Untuk siapa saja yang masuk kategori pelanggar Protkes dan berapa nominal denda atau sanksi yang harus di bayarkan, Eddy Christijanto Kasat Pol PP Surabaya angkat bicara.

“Sanksi administratif bila masuk kategori perorangan bernilai Rp. 150 ribu rupiah dan untuk perusahaan bervariatif ada yang dari skala usaha Micro, kecil, Menengah dan besar, untuk lebih mengerti secara rincian besar kecilnya sangsi administratif yang di peruntukan oleh tempat usaha adalah pihak Linmas kota Surabaya sebagai petugas gugus tugas Covid-19,” ujarnya.

Lebih lanjut juga diutarakan oleh Mudita selaku Kasi Pencegahan bencana (Covid-19) Linmas kota Surabaya memberikan keterangan.

“Bahwa untuk sangsi perorangan jelas nilainya tidak naik turun, namun untuk sangsi bagi tempat usaha yang melanggar Protkes bervariasi mulai dari Rp. 500 ribu rupiah hingga Rp. 25 juta,” ujar Mudita.

Sangsi administratif yang ditentukan sesuai dengan Pasal 38 Perwali 67 tahun 2020. Untuk pasal 38 menjelaskan Walikota Surabaya dapat mengenakan sanksi administratif kepada perorangan, pelaku usaha, pengelola, penanggung jawab atau. penyelenggara tempat dan fasilitas umum yang melakukan pelanggaran Peraturan Walikota ini.

Sekedar diketahui, Walikota Surabaya melimpahkan kewenangan pengenaan sanksi administratif kepada Satpol PP, BPBL dan Perangkat Daerah sesuai dengan tugas dan fungsi masing-masing, sesuai pasal 39 ayat 2 Perwali 67 tahun 2020.

Loading...

Meski beberapa jenjang dalam menegaskan sangsi administratif dimulai dari penyitaan KTP, pembubaran kerumunan, penutupan sementara kegiatan/penyegelan, denda administratif hingga pencabutan izin, namun fakta di lapangan pihak petugas Linmas Surabaya dan perangkat daerah (kecamatan) lebih mengedepankan pemberian sanksi pembayaran denda.

Dijelaskan bila suatu perusahaan ditemukan melanggar Prokes, petugas akan melakukan penyitaan pemilik maupun pengelolah tempat. Dilanjutkan petugas akan mengkaji besar kecilnya sangsi administratif yang harus dibayarkan oleh tempat usaha tersebut.

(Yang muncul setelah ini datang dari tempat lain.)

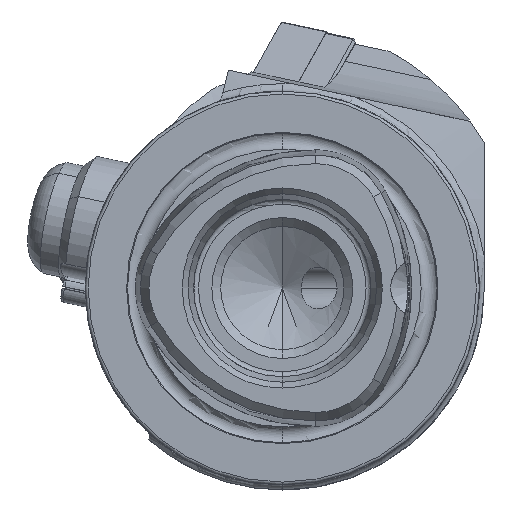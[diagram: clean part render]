
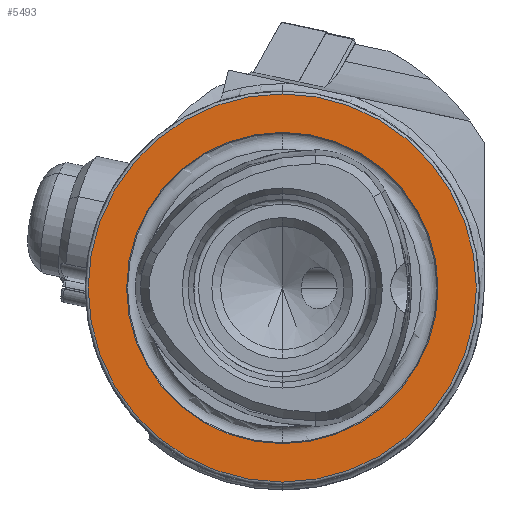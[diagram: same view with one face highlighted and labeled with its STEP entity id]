
A CAD part, left-side view. The second image highlights one B-rep face of the part: STEP entity #5493.
In plain terms, the highlighted planar face has unit normal (-1, 0, 0).
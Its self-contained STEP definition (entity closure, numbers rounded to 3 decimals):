
#110 = VERTEX_POINT ( 'NONE', #5662 ) ;
#197 = CARTESIAN_POINT ( 'NONE',  ( 0., 0., -15.8 ) ) ;
#259 = AXIS2_PLACEMENT_3D ( 'NONE', #13246, #14423, #9762 ) ;
#316 = EDGE_CURVE ( 'NONE', #3245, #3305, #14845, .T. ) ;
#375 = CARTESIAN_POINT ( 'NONE',  ( 0., 0., 0. ) ) ;
#1614 = CARTESIAN_POINT ( 'NONE',  ( 0., 0., 0. ) ) ;
#2841 = PLANE ( 'NONE',  #4056 ) ;
#3245 = VERTEX_POINT ( 'NONE', #4363 ) ;
#3305 = VERTEX_POINT ( 'NONE', #197 ) ;
#3837 = DIRECTION ( 'NONE',  ( 0., 0., 1. ) ) ;
#4056 = AXIS2_PLACEMENT_3D ( 'NONE', #12154, #9709, #13350 ) ;
#4363 = CARTESIAN_POINT ( 'NONE',  ( 0., 0., 15.8 ) ) ;
#4496 = ORIENTED_EDGE ( 'NONE', *, *, #7316, .T. ) ;
#4663 = CIRCLE ( 'NONE', #10921, 15.8 ) ;
#5258 = AXIS2_PLACEMENT_3D ( 'NONE', #375, #13187, #9700 ) ;
#5493 = ADVANCED_FACE ( 'NONE', ( #13361, #11131 ), #2841, .F. ) ;
#5662 = CARTESIAN_POINT ( 'NONE',  ( 0., 0., -19.7 ) ) ;
#5876 = DIRECTION ( 'NONE',  ( -1., 0., 0. ) ) ;
#6815 = EDGE_CURVE ( 'NONE', #110, #9039, #8726, .T. ) ;
#6899 = CIRCLE ( 'NONE', #259, 19.7 ) ;
#7316 = EDGE_CURVE ( 'NONE', #9039, #110, #6899, .T. ) ;
#7690 = ORIENTED_EDGE ( 'NONE', *, *, #316, .F. ) ;
#8416 = AXIS2_PLACEMENT_3D ( 'NONE', #1614, #14261, #3837 ) ;
#8726 = CIRCLE ( 'NONE', #8416, 19.7 ) ;
#9039 = VERTEX_POINT ( 'NONE', #10301 ) ;
#9700 = DIRECTION ( 'NONE',  ( 0., 0., 1. ) ) ;
#9709 = DIRECTION ( 'NONE',  ( 1., 0., 0. ) ) ;
#9762 = DIRECTION ( 'NONE',  ( 0., 0., 1. ) ) ;
#10301 = CARTESIAN_POINT ( 'NONE',  ( 0., 0., 19.7 ) ) ;
#10469 = ORIENTED_EDGE ( 'NONE', *, *, #6815, .T. ) ;
#10921 = AXIS2_PLACEMENT_3D ( 'NONE', #11623, #5876, #14082 ) ;
#11131 = FACE_OUTER_BOUND ( 'NONE', #14831, .T. ) ;
#11288 = EDGE_CURVE ( 'NONE', #3305, #3245, #4663, .T. ) ;
#11623 = CARTESIAN_POINT ( 'NONE',  ( 0., 0., 0. ) ) ;
#12154 = CARTESIAN_POINT ( 'NONE',  ( 0., 15.8, 0. ) ) ;
#12192 = EDGE_LOOP ( 'NONE', ( #7690, #14605 ) ) ;
#13187 = DIRECTION ( 'NONE',  ( -1., 0., 0. ) ) ;
#13246 = CARTESIAN_POINT ( 'NONE',  ( 0., 0., 0. ) ) ;
#13350 = DIRECTION ( 'NONE',  ( 0., 0., -1. ) ) ;
#13361 = FACE_BOUND ( 'NONE', #12192, .T. ) ;
#14082 = DIRECTION ( 'NONE',  ( 0., 0., 1. ) ) ;
#14261 = DIRECTION ( 'NONE',  ( -1., 0., 0. ) ) ;
#14423 = DIRECTION ( 'NONE',  ( -1., 0., 0. ) ) ;
#14605 = ORIENTED_EDGE ( 'NONE', *, *, #11288, .F. ) ;
#14831 = EDGE_LOOP ( 'NONE', ( #4496, #10469 ) ) ;
#14845 = CIRCLE ( 'NONE', #5258, 15.8 ) ;

Besaran denda administratif bagi pelaku usaha dimulai dari kelas usaha mikro dengan jumlah denda sebesar Rp. 500 ribu.

Penilaian usaha mikro di lihat dari memiliki kekayaan bersih paling banyak sebesar Rp. 50 juta tidak termasuk tanah dan bangunan tempat usaha. Dan memiliki hasil penjualan tahunan paling banyak Rp.300 juta.

Kategori usaha kecil dengan denda administratif sebesar Rp. 1 juta memiliki kekayaan bersih mulai Rp.50 juta sampai dengan paling banyak sebesar Rp. 500 juta tidak termasuk tanah dan bangunan tempat usaha.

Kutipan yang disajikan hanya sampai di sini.